Descrizione
Il fascicolo si apre con un articolo di Marco Cesa che ricostruisce il contributo offerto agli studi internazionali da uno dei più influenti studiosi di Relazioni internazionali del secondo Novecento, Kenneth Waltz. Seguono due ricerche: la prima, di Antonino Castaldo e Alessandra Pinna, esamina il caso della Serbia, un paese che sta affrontando una difficile fase di democratizzazione, indagando i precedenti storici che possono aiutare a comprendere i problemi del presente; il secondo, di Marco Damiani e Francesca Piselli, utilizza innovative tecniche di analisi del contenuto per studiare il discorso politico del leader della sinistra radicale francese, Jean-Luc Mélenchon.
La seconda parte del fascicolo ospita una discussione del recente importante volume di Angelo Panebianco, Persone e mondi (Il Mulino, 2018). Vi partecipano alcuni studiosi portatori di competenze diverse, tutte indispensabili per un’adeguata valutazione del testo di uno dei più importanti scienziati politici italiani: Filippo Barbera, sociologo dell’Università di Torino, Matteo Bianchin, filosofo dell’Università di Milano Bicocca, Maurizio Ferrera e Gianluca Pozzoni, politologi dell’Università di Milano, e infine Andrea Ruggeri, studioso di Relazioni internazionali dell’Università di Oxford. Conclude il fascicolo lo stesso Panebianco, che svolge alcune considerazioni sui commenti ricevuti.
IN QUESTO NUMERO:
SAGGI
Marco Cesa, Kenneth N. Waltz in International Political Theory and Security Studies
Introduction
Kenneth N. Waltz (1924-2013) was the most influential international political theorist of the past forty years. His work defined the contemporary Realist approach to the study on international politics and ranged from the identification of different levels of analysis in international theory to the study of crucial issues of international political economy, from the creation of a general theory of international politics to the evaluation of the thorny questions of nuclear deterrence and proliferation.
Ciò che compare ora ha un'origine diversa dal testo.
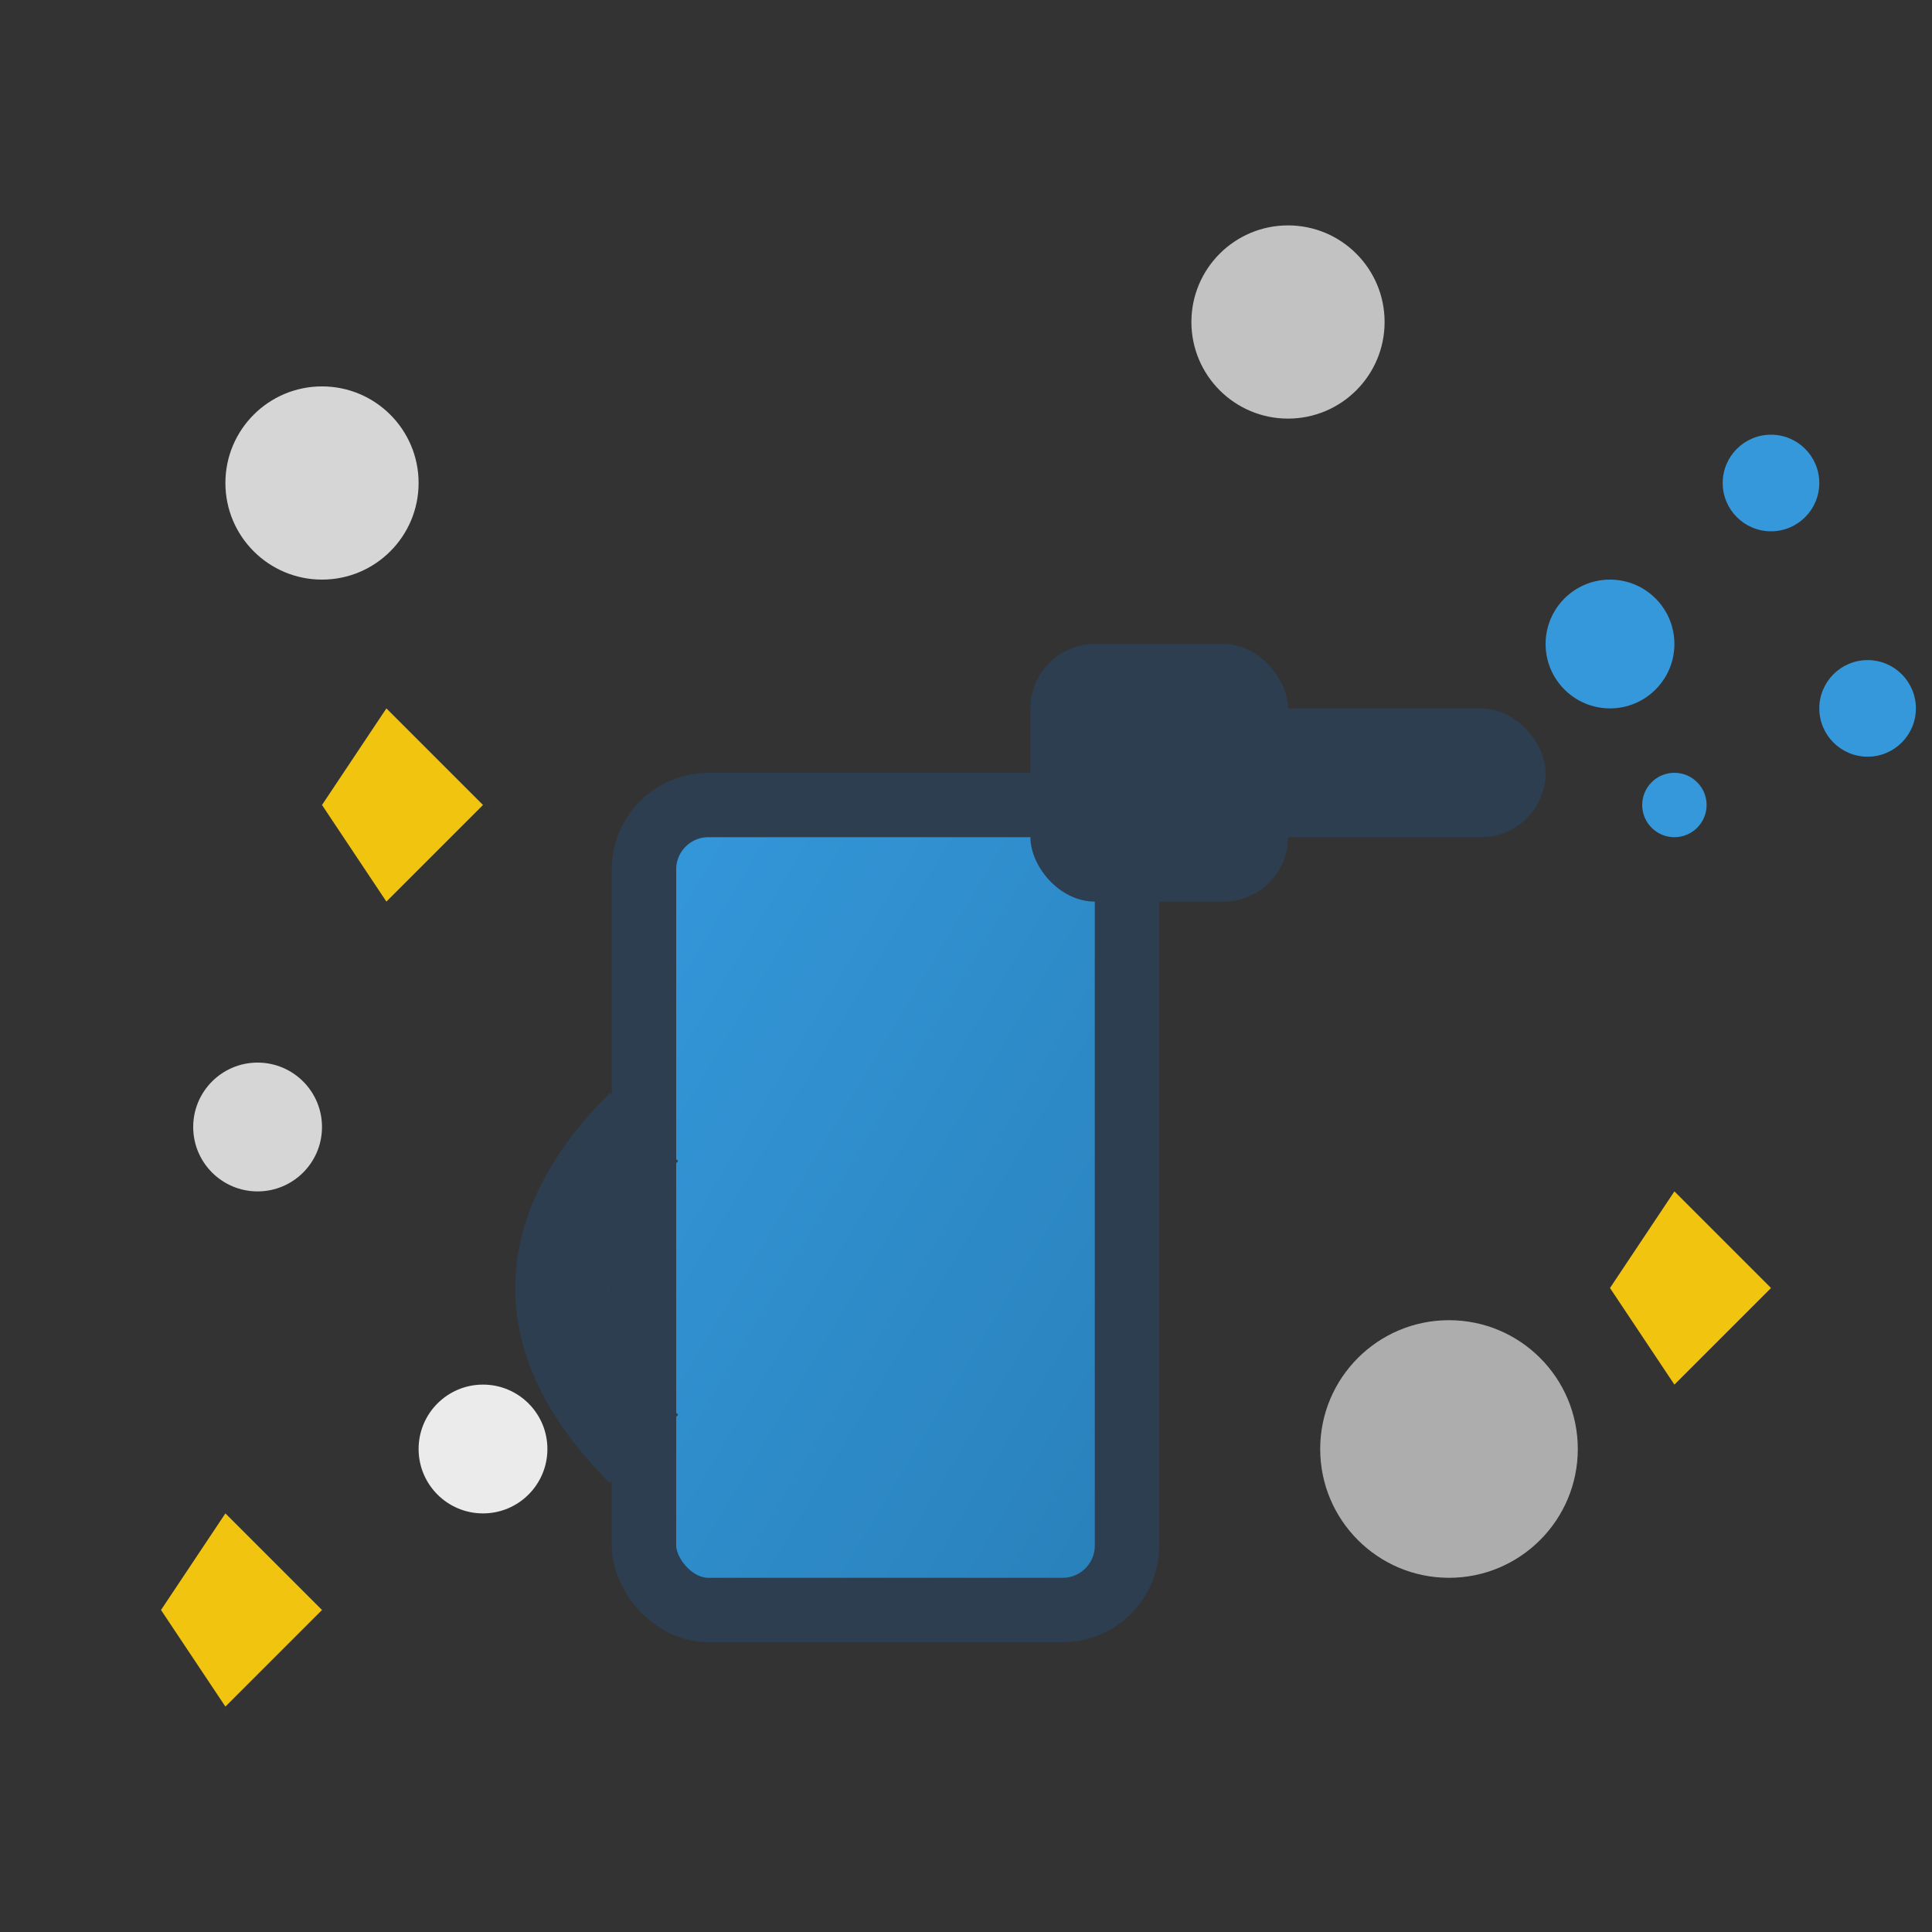 <svg width="60" height="60" viewBox="0 0 60 60" fill="none" xmlns="http://www.w3.org/2000/svg">
  <rect x="0" y="0" width="60" height="60" fill="#333333" stroke="none"/>
  <defs>
    <linearGradient id="cleanGrad" x1="0%" y1="0%" x2="100%" y2="100%">
      <stop offset="0%" style="stop-color:#3498db"/>
      <stop offset="100%" style="stop-color:#2980b9"/>
    </linearGradient>
  </defs>
  
  <!-- Spray bottle -->
  <rect x="20" y="25" width="15" height="25" fill="url(#cleanGrad)" stroke="#2c3e50" stroke-width="2" rx="2"/>
  
  <!-- Spray nozzle -->
  <rect x="32" y="20" width="8" height="8" fill="#2c3e50" rx="2"/>
  <rect x="38" y="22" width="10" height="4" fill="#2c3e50" rx="2"/>
  
  <!-- Spray trigger -->
  <path d="M20 35 Q15 40 20 45" stroke="#2c3e50" stroke-width="3" fill="none"/>
  
  <!-- Spray droplets -->
  <circle cx="50" cy="20" r="2" fill="#3498db"/>
  <circle cx="55" cy="15" r="1.5" fill="#3498db"/>
  <circle cx="52" cy="25" r="1" fill="#3498db"/>
  <circle cx="58" cy="22" r="1.5" fill="#3498db"/>
  
  <!-- Cleaning bubbles -->
  <circle cx="10" cy="15" r="3" fill="rgba(255,255,255,0.8)"/>
  <circle cx="45" cy="45" r="4" fill="rgba(255,255,255,0.6)"/>
  <circle cx="15" cy="45" r="2" fill="rgba(255,255,255,0.9)"/>
  <circle cx="40" cy="10" r="3" fill="rgba(255,255,255,0.7)"/>
  <circle cx="8" cy="35" r="2" fill="rgba(255,255,255,0.8)"/>
  
  <!-- Sparkles -->
  <path d="M50 40 L52 43 L55 40 L52 37 Z" fill="#f1c40f"/>
  <path d="M10 25 L12 28 L15 25 L12 22 Z" fill="#f1c40f"/>
  <path d="M5 50 L7 53 L10 50 L7 47 Z" fill="#f1c40f"/>
</svg>

A number of scholars have taken up and developed his views; many others have rejected them and, in doing so, have been forced to think along new lines. It is no exaggeration to argue that much of what has been done in international political theory since the 1970s can be interpreted as an attempt to build upon Waltz’s contribution or, conversely, to put forward something completely different from what he had done. In addition, his work framed scholarship in other important ways in the previous two decades too. No other figure has played such a central role in the field of international relations over so long a period of time. And, looking ahead twenty or thirty years from now, it is very likely that Waltz will be one of the few scholars of the second half of the 20th century who will still be read.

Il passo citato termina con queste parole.